Look, if you want to be an academic, or love research, or don't mind academia, good for you. Really, I mean it. Academia isn't all bad. But most PhDs, even in science, will not end up in academia. My experience was, in academia, they train as if everyone will be an academic. When one then finds it undesirable or impossible, it can be a devastating transition.

**********

Back to our regularly scheduled angst recap!

After a few years of tears, depression, unreproducable results, being scooped- you get the idea- I decided that I loved science, but academia and I needed a trial separation.

My advisor was not keen on us doing anything but science-80-hours-a-week.
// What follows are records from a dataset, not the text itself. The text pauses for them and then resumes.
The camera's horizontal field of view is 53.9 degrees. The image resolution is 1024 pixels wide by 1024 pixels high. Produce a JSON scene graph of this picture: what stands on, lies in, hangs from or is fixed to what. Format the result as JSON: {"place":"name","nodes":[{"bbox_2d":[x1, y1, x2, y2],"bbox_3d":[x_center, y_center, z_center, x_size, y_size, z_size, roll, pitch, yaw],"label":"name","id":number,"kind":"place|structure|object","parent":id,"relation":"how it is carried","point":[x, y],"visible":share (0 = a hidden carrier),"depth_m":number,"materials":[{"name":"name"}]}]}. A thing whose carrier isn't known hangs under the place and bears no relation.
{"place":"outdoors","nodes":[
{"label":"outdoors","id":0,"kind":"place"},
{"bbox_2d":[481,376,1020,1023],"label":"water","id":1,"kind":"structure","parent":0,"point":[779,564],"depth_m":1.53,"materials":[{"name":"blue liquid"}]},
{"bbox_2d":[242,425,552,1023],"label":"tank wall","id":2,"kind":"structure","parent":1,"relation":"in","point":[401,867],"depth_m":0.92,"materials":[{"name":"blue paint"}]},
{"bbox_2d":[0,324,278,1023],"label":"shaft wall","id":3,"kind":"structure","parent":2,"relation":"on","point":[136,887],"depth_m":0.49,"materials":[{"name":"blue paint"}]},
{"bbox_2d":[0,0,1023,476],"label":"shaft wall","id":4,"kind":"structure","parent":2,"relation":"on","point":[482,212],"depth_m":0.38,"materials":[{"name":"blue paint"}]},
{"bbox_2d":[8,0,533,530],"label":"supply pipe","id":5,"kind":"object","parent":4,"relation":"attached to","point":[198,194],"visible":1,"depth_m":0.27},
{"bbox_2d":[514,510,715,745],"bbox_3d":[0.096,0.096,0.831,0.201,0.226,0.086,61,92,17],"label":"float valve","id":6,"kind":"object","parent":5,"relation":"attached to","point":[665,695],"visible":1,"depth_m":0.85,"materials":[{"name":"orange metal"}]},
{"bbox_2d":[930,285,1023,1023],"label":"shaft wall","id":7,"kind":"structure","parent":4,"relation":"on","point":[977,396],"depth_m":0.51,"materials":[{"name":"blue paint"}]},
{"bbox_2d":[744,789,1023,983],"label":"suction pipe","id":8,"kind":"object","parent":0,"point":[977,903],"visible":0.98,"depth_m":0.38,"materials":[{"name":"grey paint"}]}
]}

So I didn't tell the advisor, who was never satisfied, no matter how hard I worked. Fine! Let's work less. Advisor thought I was never in lab enough. Great, let's be there less. I might as well do something else- useful to me.* After all, if there's no pleasing some people, why try?

I volunteered at the local middle school, helping kids do creative science projects. I judged the science fairs, and sat on the floor, talking to kindergarteners about pennies and barometers. I did science demos in the inner city. I took classes on science ed (one of which was spectacularly good). I thought about being a high school teacher.
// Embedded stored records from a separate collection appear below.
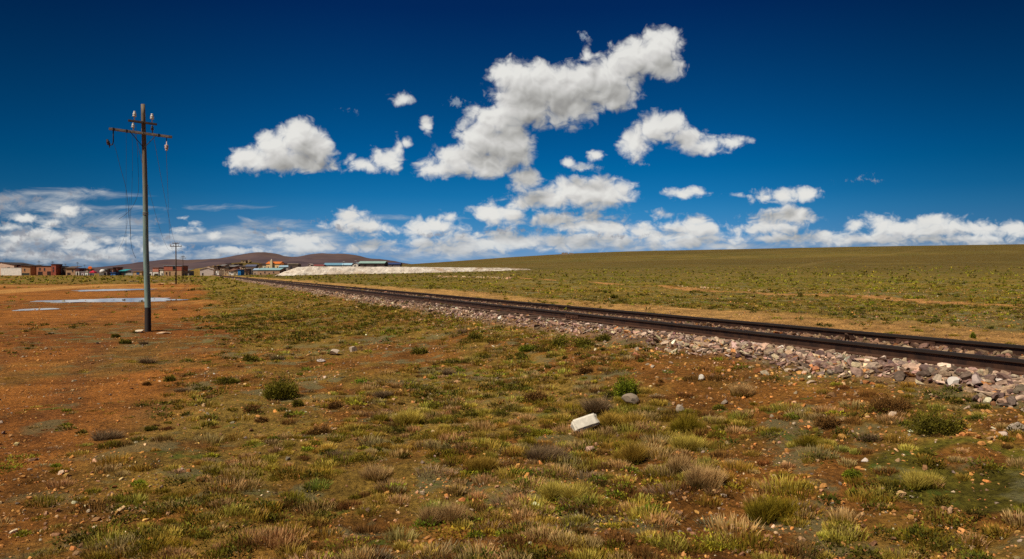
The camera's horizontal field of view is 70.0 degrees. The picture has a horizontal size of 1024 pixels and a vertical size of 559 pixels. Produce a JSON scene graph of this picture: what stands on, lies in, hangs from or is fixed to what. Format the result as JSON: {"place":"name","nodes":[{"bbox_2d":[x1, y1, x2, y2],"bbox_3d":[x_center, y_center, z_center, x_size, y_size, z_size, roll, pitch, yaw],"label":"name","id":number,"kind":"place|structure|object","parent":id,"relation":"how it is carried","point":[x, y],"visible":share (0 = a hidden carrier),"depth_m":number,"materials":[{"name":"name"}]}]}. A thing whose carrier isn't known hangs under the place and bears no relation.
{"place":"outdoors","nodes":[
{"label":"outdoors","id":0,"kind":"place"},
{"bbox_2d":[86,252,407,272],"bbox_3d":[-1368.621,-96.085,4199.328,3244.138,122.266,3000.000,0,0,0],"label":"mountain","id":1,"kind":"structure","parent":0,"point":[303,261],"depth_m":3808.01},
{"bbox_2d":[0,244,1023,558],"bbox_3d":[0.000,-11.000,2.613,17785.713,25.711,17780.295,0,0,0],"label":"ground","id":2,"kind":"structure","parent":0,"point":[1004,486],"depth_m":9.43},
{"bbox_2d":[1,268,21,274],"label":"boundary wall","id":3,"kind":"structure","parent":2,"relation":"on","point":[11,271],"depth_m":336.98,"materials":[{"name":"white paint"}]},
{"bbox_2d":[0,262,32,274],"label":"warehouse","id":4,"kind":"structure","parent":2,"relation":"on","point":[7,265],"depth_m":356.96,"materials":[{"name":"paint"}]},
{"bbox_2d":[20,265,35,274],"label":"house","id":5,"kind":"structure","parent":2,"relation":"on","point":[28,269],"depth_m":344.98,"materials":[{"name":"paint"}]},
{"bbox_2d":[12,308,59,310],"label":"puddle","id":6,"kind":"object","parent":2,"relation":"on","point":[36,309],"visible":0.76,"depth_m":35.19,"materials":[{"name":"grey liquid"}]},
{"bbox_2d":[36,266,50,274],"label":"brick building","id":7,"kind":"structure","parent":2,"relation":"on","point":[43,270],"depth_m":344.96,"materials":[{"name":"paint"}]},
{"bbox_2d":[51,264,61,274],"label":"brick tower","id":8,"kind":"structure","parent":2,"relation":"on","point":[55,269],"depth_m":344.43,"materials":[{"name":"brick"}]},
{"bbox_2d":[66,266,81,274],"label":"house","id":9,"kind":"structure","parent":2,"relation":"on","point":[70,270],"depth_m":344.98,"materials":[{"name":"paint"}]},
{"bbox_2d":[75,268,85,274],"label":"house","id":10,"kind":"structure","parent":2,"relation":"on","point":[80,270],"depth_m":340.86,"materials":[{"name":"paint"}]},
{"bbox_2d":[99,269,105,274],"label":"water tank","id":11,"kind":"object","parent":2,"relation":"on","point":[102,271],"visible":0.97,"depth_m":332.99,"materials":[{"name":"white plastic"}]},
{"bbox_2d":[71,289,143,291],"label":"puddle","id":12,"kind":"object","parent":2,"relation":"on","point":[107,290],"visible":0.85,"depth_m":73.15,"materials":[{"name":"grey liquid"}]},
{"bbox_2d":[89,428,126,440],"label":"dry shrub","id":13,"kind":"object","parent":2,"relation":"on","point":[96,436],"visible":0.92,"depth_m":7.70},
{"bbox_2d":[30,298,189,302],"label":"puddle","id":14,"kind":"object","parent":2,"relation":"on","point":[112,300],"visible":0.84,"depth_m":46.02,"materials":[{"name":"grey liquid"}]},
{"bbox_2d":[107,268,115,274],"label":"brick house","id":15,"kind":"structure","parent":2,"relation":"on","point":[111,269],"depth_m":354.98,"materials":[{"name":"brick"}]},
{"bbox_2d":[111,333,120,337],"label":"leafy shrub","id":16,"kind":"object","parent":2,"relation":"on","point":[115,335],"visible":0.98,"depth_m":19.84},
{"bbox_2d":[112,267,123,271],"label":"brick house","id":17,"kind":"structure","parent":2,"relation":"on","point":[117,269],"depth_m":358.03,"materials":[{"name":"brick"}]},
{"bbox_2d":[118,338,131,343],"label":"leafy shrub","id":18,"kind":"object","parent":2,"relation":"on","point":[122,341],"visible":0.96,"depth_m":18.04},
{"bbox_2d":[120,269,131,274],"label":"shed","id":19,"kind":"structure","parent":2,"relation":"on","point":[124,271],"depth_m":345.55,"materials":[{"name":"paint"}]},
{"bbox_2d":[133,271,143,275],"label":"house","id":20,"kind":"structure","parent":2,"relation":"on","point":[137,273],"depth_m":299.99,"materials":[{"name":"paint"}]},
{"bbox_2d":[106,104,171,331],"bbox_3d":[-10.895,-1.607,21.416,1.734,7.074,0.327,0,1,-23],"label":"utility pole","id":21,"kind":"object","parent":2,"relation":"on","point":[146,267],"visible":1,"depth_m":21.42,"materials":[{"name":"paint"}]},
{"bbox_2d":[114,145,135,257],"bbox_3d":[-11.375,-2.305,21.481,0.634,3.363,0.010,0,0,0],"label":"broken wire","id":22,"kind":"object","parent":21,"relation":"attached to","point":[127,199],"visible":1,"depth_m":21.48,"materials":[{"name":"metal"}]},
{"bbox_2d":[119,134,138,218],"bbox_3d":[-11.258,-3.172,21.474,0.587,2.784,0.009,0,0,0],"label":"broken wire","id":23,"kind":"object","parent":21,"relation":"attached to","point":[138,179],"visible":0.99,"depth_m":21.47,"materials":[{"name":"metal"}]},
{"bbox_2d":[130,143,132,231],"bbox_3d":[-11.179,-2.803,21.477,0.079,3.058,0.007,0,0,0],"label":"broken wire","id":24,"kind":"object","parent":21,"relation":"hanging from","point":[131,195],"visible":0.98,"depth_m":21.47,"materials":[{"name":"metal"}]},
{"bbox_2d":[154,140,180,250],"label":"wire","id":25,"kind":"object","parent":21,"relation":"attached to","point":[163,190],"visible":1,"depth_m":31.06,"materials":[{"name":"metal"}]},
{"bbox_2d":[136,340,148,344],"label":"dry shrub","id":26,"kind":"object","parent":2,"relation":"on","point":[143,343],"visible":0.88,"depth_m":17.75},
{"bbox_2d":[135,357,158,363],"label":"dry shrub","id":27,"kind":"object","parent":2,"relation":"on","point":[146,360],"visible":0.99,"depth_m":14.02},
{"bbox_2d":[142,381,151,385],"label":"leafy shrub","id":28,"kind":"object","parent":2,"relation":"on","point":[147,383],"visible":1,"depth_m":11.22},
{"bbox_2d":[143,425,158,430],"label":"leafy shrub","id":29,"kind":"object","parent":2,"relation":"on","point":[150,428],"visible":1,"depth_m":8.11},
{"bbox_2d":[152,267,163,275],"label":"house","id":30,"kind":"structure","parent":2,"relation":"on","point":[156,270],"depth_m":299.98,"materials":[{"name":"paint"}]},
{"bbox_2d":[161,374,175,381],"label":"leafy shrub","id":31,"kind":"object","parent":2,"relation":"on","point":[170,378],"visible":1,"depth_m":11.57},
{"bbox_2d":[163,265,187,275],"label":"brick house","id":32,"kind":"structure","parent":2,"relation":"on","point":[169,270],"depth_m":284.98,"materials":[{"name":"brick"}]},
{"bbox_2d":[170,242,181,283],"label":"utility pole","id":33,"kind":"object","parent":2,"relation":"on","point":[175,243],"visible":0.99,"depth_m":112.91,"materials":[{"name":"brown wood"}]},
{"bbox_2d":[171,387,189,391],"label":"dry shrub","id":34,"kind":"object","parent":2,"relation":"on","point":[185,389],"visible":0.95,"depth_m":10.73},
{"bbox_2d":[188,269,193,275],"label":"house","id":35,"kind":"structure","parent":2,"relation":"on","point":[190,272],"depth_m":322.45,"materials":[{"name":"paint"}]},
{"bbox_2d":[199,267,215,275],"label":"warehouse","id":36,"kind":"structure","parent":2,"relation":"on","point":[207,271],"depth_m":400.06,"materials":[{"name":"paint"}]},
{"bbox_2d":[216,270,223,274],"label":"house","id":37,"kind":"structure","parent":2,"relation":"on","point":[219,272],"depth_m":391.17,"materials":[{"name":"paint"}]},
{"bbox_2d":[214,375,239,384],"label":"leafy shrub","id":38,"kind":"object","parent":2,"relation":"on","point":[229,381],"visible":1,"depth_m":11.36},
{"bbox_2d":[228,269,236,274],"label":"house","id":39,"kind":"structure","parent":2,"relation":"on","point":[231,271],"depth_m":384.98,"materials":[{"name":"paint"}]},
{"bbox_2d":[230,265,239,270],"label":"house","id":40,"kind":"structure","parent":2,"relation":"on","point":[233,267],"depth_m":438.88,"materials":[{"name":"paint"}]},
{"bbox_2d":[241,353,257,361],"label":"leafy shrub","id":41,"kind":"object","parent":2,"relation":"on","point":[248,357],"visible":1,"depth_m":14.00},
{"bbox_2d":[243,403,260,412],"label":"leafy shrub","id":42,"kind":"object","parent":2,"relation":"on","point":[256,408],"visible":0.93,"depth_m":9.07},
{"bbox_2d":[245,265,258,268],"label":"long shed","id":43,"kind":"structure","parent":2,"relation":"on","point":[251,266],"depth_m":429.95,"materials":[{"name":"paint"}]},
{"bbox_2d":[253,268,259,274],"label":"shed","id":44,"kind":"structure","parent":2,"relation":"on","point":[255,271],"depth_m":375.99,"materials":[{"name":"paint"}]},
{"bbox_2d":[254,416,268,422],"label":"leafy shrub","id":45,"kind":"object","parent":2,"relation":"on","point":[264,419],"visible":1,"depth_m":8.59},
{"bbox_2d":[258,268,284,274],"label":"long shed","id":46,"kind":"structure","parent":2,"relation":"on","point":[263,271],"depth_m":371.99,"materials":[{"name":"paint"}]},
{"bbox_2d":[266,259,286,267],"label":"church","id":47,"kind":"structure","parent":2,"relation":"on","point":[271,264],"depth_m":399.95,"materials":[{"name":"paint"}]},
{"bbox_2d":[270,354,286,360],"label":"dry shrub","id":48,"kind":"object","parent":2,"relation":"on","point":[279,358],"visible":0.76,"depth_m":14.29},
{"bbox_2d":[260,371,300,398],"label":"leafy shrub","id":49,"kind":"object","parent":2,"relation":"on","point":[281,389],"visible":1,"depth_m":9.91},
{"bbox_2d":[279,265,287,270],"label":"long shed","id":50,"kind":"structure","parent":2,"relation":"on","point":[284,266],"depth_m":379.97,"materials":[{"name":"paint"}]},
{"bbox_2d":[282,410,294,417],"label":"leafy shrub","id":51,"kind":"object","parent":2,"relation":"on","point":[285,414],"visible":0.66,"depth_m":8.74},
{"bbox_2d":[288,264,300,269],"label":"building","id":52,"kind":"structure","parent":2,"relation":"on","point":[291,266],"depth_m":349.96,"materials":[{"name":"paint"}]},
{"bbox_2d":[292,398,304,406],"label":"leafy shrub","id":53,"kind":"object","parent":2,"relation":"on","point":[296,402],"visible":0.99,"depth_m":9.13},
{"bbox_2d":[305,424,331,435],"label":"leafy shrub","id":54,"kind":"object","parent":2,"relation":"on","point":[324,428],"visible":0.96,"depth_m":7.74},
{"bbox_2d":[324,263,342,266],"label":"long shed","id":55,"kind":"structure","parent":2,"relation":"on","point":[334,264],"depth_m":385.67,"materials":[{"name":"paint"}]},
{"bbox_2d":[329,349,339,353],"bbox_3d":[-3.538,1.435,14.482,0.228,0.114,0.158,0,1,23],"label":"stone","id":56,"kind":"object","parent":2,"relation":"on","point":[334,351],"visible":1,"depth_m":14.43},
{"bbox_2d":[326,399,343,409],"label":"leafy shrub","id":57,"kind":"object","parent":2,"relation":"on","point":[336,405],"visible":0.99,"depth_m":9.06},
{"bbox_2d":[326,449,352,457],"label":"dry shrub","id":58,"kind":"object","parent":2,"relation":"on","point":[350,454],"visible":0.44,"depth_m":6.86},
{"bbox_2d":[342,263,352,266],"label":"long shed","id":59,"kind":"structure","parent":2,"relation":"on","point":[346,264],"depth_m":380.27,"materials":[{"name":"paint"}]},
{"bbox_2d":[349,346,356,351],"bbox_3d":[-3.250,1.433,14.968,0.150,0.132,0.095,0,1,-34],"label":"stone","id":60,"kind":"object","parent":2,"relation":"on","point":[353,348],"visible":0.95,"depth_m":14.93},
{"bbox_2d":[359,261,387,266],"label":"hall","id":61,"kind":"structure","parent":2,"relation":"on","point":[373,263],"depth_m":374.96,"materials":[{"name":"paint"}]},
{"bbox_2d":[357,460,394,481],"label":"grass tussock","id":62,"kind":"object","parent":2,"relation":"on","point":[375,474],"depth_m":6.08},
{"bbox_2d":[365,412,389,421],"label":"grass tussock","id":63,"kind":"object","parent":2,"relation":"on","point":[383,417],"depth_m":8.38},
{"bbox_2d":[369,390,393,397],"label":"dry shrub","id":64,"kind":"object","parent":2,"relation":"on","point":[382,394],"visible":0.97,"depth_m":9.61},
{"bbox_2d":[388,263,401,266],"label":"long shed","id":65,"kind":"structure","parent":2,"relation":"on","point":[394,264],"depth_m":399.95,"materials":[{"name":"paint"}]},
{"bbox_2d":[275,266,530,275],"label":"spoil bank","id":66,"kind":"structure","parent":2,"relation":"on","point":[316,270],"depth_m":274.73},
{"bbox_2d":[389,407,425,426],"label":"grass tussock","id":67,"kind":"object","parent":2,"relation":"on","point":[409,417],"depth_m":8.22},
{"bbox_2d":[410,345,429,354],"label":"leafy shrub","id":68,"kind":"object","parent":2,"relation":"on","point":[416,350],"visible":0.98,"depth_m":14.22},
{"bbox_2d":[427,427,456,440],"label":"grass tussock","id":69,"kind":"object","parent":2,"relation":"on","point":[442,431],"depth_m":7.26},
{"bbox_2d":[414,499,473,526],"bbox_3d":[-0.462,1.593,5.043,0.458,0.157,0.354,0,0,0],"label":"grass tussock","id":70,"kind":"object","parent":2,"relation":"on","point":[443,514],"depth_m":4.99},
{"bbox_2d":[440,368,456,374],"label":"dry shrub","id":71,"kind":"object","parent":2,"relation":"on","point":[447,372],"visible":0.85,"depth_m":11.64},
{"bbox_2d":[456,327,466,333],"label":"dry shrub","id":72,"kind":"object","parent":2,"relation":"on","point":[459,330],"visible":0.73,"depth_m":16.72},
{"bbox_2d":[464,329,482,339],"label":"leafy shrub","id":73,"kind":"object","parent":2,"relation":"on","point":[474,336],"visible":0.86,"depth_m":15.34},
{"bbox_2d":[464,455,502,472],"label":"grass tussock","id":74,"kind":"object","parent":2,"relation":"on","point":[485,463],"depth_m":6.14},
{"bbox_2d":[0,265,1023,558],"bbox_3d":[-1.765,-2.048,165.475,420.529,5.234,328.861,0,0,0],"label":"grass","id":75,"kind":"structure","parent":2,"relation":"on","point":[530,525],"depth_m":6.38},
{"bbox_2d":[507,422,527,432],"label":"grass tussock","id":76,"kind":"object","parent":2,"relation":"on","point":[515,427],"depth_m":7.35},
{"bbox_2d":[518,344,533,351],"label":"leafy shrub","id":77,"kind":"object","parent":2,"relation":"on","point":[525,348],"visible":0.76,"depth_m":12.50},
{"bbox_2d":[520,436,537,446],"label":"grass tussock","id":78,"kind":"object","parent":2,"relation":"on","point":[529,440],"depth_m":6.92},
{"bbox_2d":[524,387,547,402],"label":"leafy shrub","id":79,"kind":"object","parent":2,"relation":"on","point":[533,395],"visible":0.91,"depth_m":9.07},
{"bbox_2d":[518,440,573,462],"bbox_3d":[0.288,1.499,6.405,0.575,0.176,0.480,0,0,0],"label":"grass tussock","id":80,"kind":"object","parent":2,"relation":"on","point":[535,454],"depth_m":6.36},
{"bbox_2d":[550,336,569,345],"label":"leafy shrub","id":81,"kind":"object","parent":2,"relation":"on","point":[558,341],"visible":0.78,"depth_m":12.69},
{"bbox_2d":[536,477,592,502],"bbox_3d":[0.378,1.557,5.451,0.474,0.167,0.341,0,0,0],"label":"grass tussock","id":82,"kind":"object","parent":2,"relation":"on","point":[549,492],"depth_m":5.41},
{"bbox_2d":[570,336,594,346],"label":"leafy shrub","id":83,"kind":"object","parent":2,"relation":"on","point":[579,342],"visible":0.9,"depth_m":12.34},
{"bbox_2d":[570,413,599,432],"bbox_3d":[0.732,1.452,7.331,0.272,0.133,0.171,-17,-30,-13],"label":"white block","id":84,"kind":"object","parent":2,"relation":"on","point":[588,422],"depth_m":7.26,"materials":[{"name":"stone"}]},
{"bbox_2d":[578,364,593,373],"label":"leafy shrub","id":85,"kind":"object","parent":2,"relation":"on","point":[586,368],"visible":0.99,"depth_m":10.01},
{"bbox_2d":[576,393,614,413],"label":"grass tussock","id":86,"kind":"object","parent":2,"relation":"on","point":[594,407],"depth_m":7.83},
{"bbox_2d":[593,333,612,341],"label":"leafy shrub","id":87,"kind":"object","parent":2,"relation":"on","point":[605,337],"visible":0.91,"depth_m":12.94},
{"bbox_2d":[601,388,616,398],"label":"leafy shrub","id":88,"kind":"object","parent":2,"relation":"on","point":[609,393],"visible":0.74,"depth_m":8.53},
{"bbox_2d":[215,275,1023,374],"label":"railway track","id":89,"kind":"structure","parent":2,"relation":"on","point":[1015,366],"depth_m":11.92,"materials":[{"name":"metal"}]},
{"bbox_2d":[596,410,649,427],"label":"grass tussock","id":90,"kind":"object","parent":2,"relation":"on","point":[607,419],"depth_m":7.30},
{"bbox_2d":[609,368,642,396],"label":"leafy shrub","id":91,"kind":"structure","parent":2,"relation":"on","point":[623,387],"depth_m":8.45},
{"bbox_2d":[622,393,638,404],"bbox_3d":[1.289,1.308,7.969,0.182,0.133,0.097,0,1,36],"label":"stone","id":92,"kind":"object","parent":2,"relation":"on","point":[627,398],"visible":0.91,"depth_m":7.93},
{"bbox_2d":[622,456,639,464],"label":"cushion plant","id":93,"kind":"object","parent":2,"relation":"on","point":[634,463],"visible":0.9,"depth_m":6.10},
{"bbox_2d":[610,434,652,464],"bbox_3d":[1.010,1.427,6.162,0.381,0.244,0.382,0,0,0],"label":"grass tussock","id":94,"kind":"object","parent":2,"relation":"on","point":[636,453],"depth_m":6.13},
{"bbox_2d":[676,404,683,411],"bbox_3d":[1.752,1.351,7.608,0.080,0.101,0.082,0,1,-34],"label":"stone","id":95,"kind":"object","parent":2,"relation":"on","point":[679,407],"visible":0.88,"depth_m":7.58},
{"bbox_2d":[664,450,698,472],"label":"grass tussock","id":96,"kind":"object","parent":2,"relation":"on","point":[677,462],"depth_m":5.79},
{"bbox_2d":[666,410,709,432],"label":"grass tussock","id":97,"kind":"object","parent":2,"relation":"on","point":[682,423],"depth_m":6.95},
{"bbox_2d":[665,429,712,451],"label":"grass tussock","id":98,"kind":"object","parent":2,"relation":"on","point":[692,443],"depth_m":6.35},
{"bbox_2d":[679,460,728,489],"bbox_3d":[1.414,1.430,5.419,0.439,0.200,0.414,0,0,0],"label":"grass tussock","id":99,"kind":"object","parent":2,"relation":"on","point":[700,477],"depth_m":5.35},
{"bbox_2d":[712,404,727,409],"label":"leafy shrub","id":100,"kind":"object","parent":2,"relation":"on","point":[716,407],"visible":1,"depth_m":7.53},
{"bbox_2d":[719,417,739,423],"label":"leafy shrub","id":101,"kind":"object","parent":2,"relation":"on","point":[728,420],"visible":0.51,"depth_m":7.07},
{"bbox_2d":[727,383,757,396],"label":"grass tussock","id":102,"kind":"object","parent":2,"relation":"on","point":[741,390],"depth_m":7.85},
{"bbox_2d":[753,368,761,372],"bbox_3d":[2.946,1.096,8.765,0.082,0.076,0.073,0,1,-32],"label":"stone","id":103,"kind":"object","parent":2,"relation":"on","point":[757,370],"visible":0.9,"depth_m":8.75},
{"bbox_2d":[740,492,804,524],"bbox_3d":[1.705,1.486,4.830,0.461,0.196,0.412,0,0,0],"label":"grass tussock","id":104,"kind":"object","parent":2,"relation":"on","point":[758,510],"depth_m":4.77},
{"bbox_2d":[780,412,799,419],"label":"leafy shrub","id":105,"kind":"object","parent":2,"relation":"on","point":[789,416],"visible":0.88,"depth_m":6.91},
{"bbox_2d":[792,433,836,446],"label":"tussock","id":106,"kind":"object","parent":2,"relation":"on","point":[808,439],"visible":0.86,"depth_m":6.02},
{"bbox_2d":[812,412,842,429],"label":"leafy shrub","id":107,"kind":"object","parent":2,"relation":"on","point":[831,421],"visible":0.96,"depth_m":6.48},
{"bbox_2d":[841,467,863,477],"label":"cushion plant","id":108,"kind":"object","parent":2,"relation":"on","point":[848,473],"visible":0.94,"depth_m":5.19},
{"bbox_2d":[856,431,885,441],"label":"dry shrub","id":109,"kind":"object","parent":2,"relation":"on","point":[868,438],"visible":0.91,"depth_m":5.99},
{"bbox_2d":[864,390,915,414],"bbox_3d":[3.429,1.103,6.639,0.458,0.208,0.357,0,0,0],"label":"leafy shrub","id":110,"kind":"object","parent":2,"relation":"on","point":[898,405],"visible":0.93,"depth_m":6.58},
{"bbox_2d":[899,468,946,489],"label":"grass tussock","id":111,"kind":"object","parent":2,"relation":"on","point":[913,477],"depth_m":4.89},
{"bbox_2d":[902,405,971,435],"bbox_3d":[3.407,1.124,5.881,0.468,0.230,0.398,0,0,0],"label":"leafy shrub","id":112,"kind":"object","parent":2,"relation":"on","point":[931,421],"visible":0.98,"depth_m":5.79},
{"bbox_2d":[947,377,959,385],"bbox_3d":[4.394,1.017,7.266,0.119,0.097,0.081,0,0,3],"label":"stone","id":113,"kind":"object","parent":2,"relation":"on","point":[951,380],"visible":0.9,"depth_m":7.25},
{"bbox_2d":[970,332,977,338],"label":"weed","id":114,"kind":"object","parent":2,"relation":"on","point":[973,335],"visible":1,"depth_m":12.30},
{"bbox_2d":[972,374,982,385],"bbox_3d":[4.503,0.977,7.055,0.104,0.121,0.139,0,1,44],"label":"stone","id":115,"kind":"object","parent":2,"relation":"on","point":[976,379],"visible":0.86,"depth_m":7.03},
{"bbox_2d":[970,403,991,408],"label":"leafy shrub","id":116,"kind":"object","parent":2,"relation":"on","point":[983,406],"visible":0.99,"depth_m":6.39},
{"bbox_2d":[1007,422,1023,430],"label":"stone","id":117,"kind":"object","parent":2,"relation":"on","point":[1014,425],"visible":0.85,"depth_m":5.64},
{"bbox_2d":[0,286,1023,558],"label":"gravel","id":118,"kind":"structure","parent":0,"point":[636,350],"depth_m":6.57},
{"bbox_2d":[0,0,1023,267],"label":"sky","id":119,"kind":"structure","parent":0,"point":[404,131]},
{"bbox_2d":[433,275,792,293],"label":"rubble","id":120,"kind":"object","parent":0,"point":[512,277],"visible":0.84,"depth_m":116.93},
{"bbox_2d":[232,278,1023,410],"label":"ballast gravel","id":121,"kind":"structure","parent":0,"point":[1003,387],"depth_m":9.54,"materials":[{"name":"gravel"}]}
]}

I looked at my home state's requirements. I'd have to get a Master's degree at my own expense- all the teaching I had done was clearly useless, you see- and then be paid roughly $30,000. With my PhD. Um, what? I should... work really hard to do something underappreciated, for peanuts? Er, too late.

I started working with a small journal. I worked really damn hard. I eventually became editor-in-chief. I directed several major projects, including putting100 years of archives online. I was quite good at it. I liked it. How about a science editing job? That's like science research! Only with less academia!

Next: Oh, That's A Funny Idea. Ha. Ha.


*If I get any more comments to the effect that I should have been a good little robot and worked harder,
I WILL DELETE THEM. I know how damn hard I worked, and it would never have been enough.

My advisor once said to SuperStar Postdoc** "Oh, SuperStar, you
used to work so hard". Because SSP was only working 70 hours a week at that point. I am not kidding.

**
(6 papers in 3 years, 15 job interviews, 6 job offers, ended up in That City With Wind at FancyPants U, $900,000 startup money, thankyouvery much)

4 comments:

  1. I am sorry (and sympathetic) about the angst. Life is a bitch ain't it?

    I will confess to being addicted to you blog though, since I love the ballsy tell-it-like-it-is attitude.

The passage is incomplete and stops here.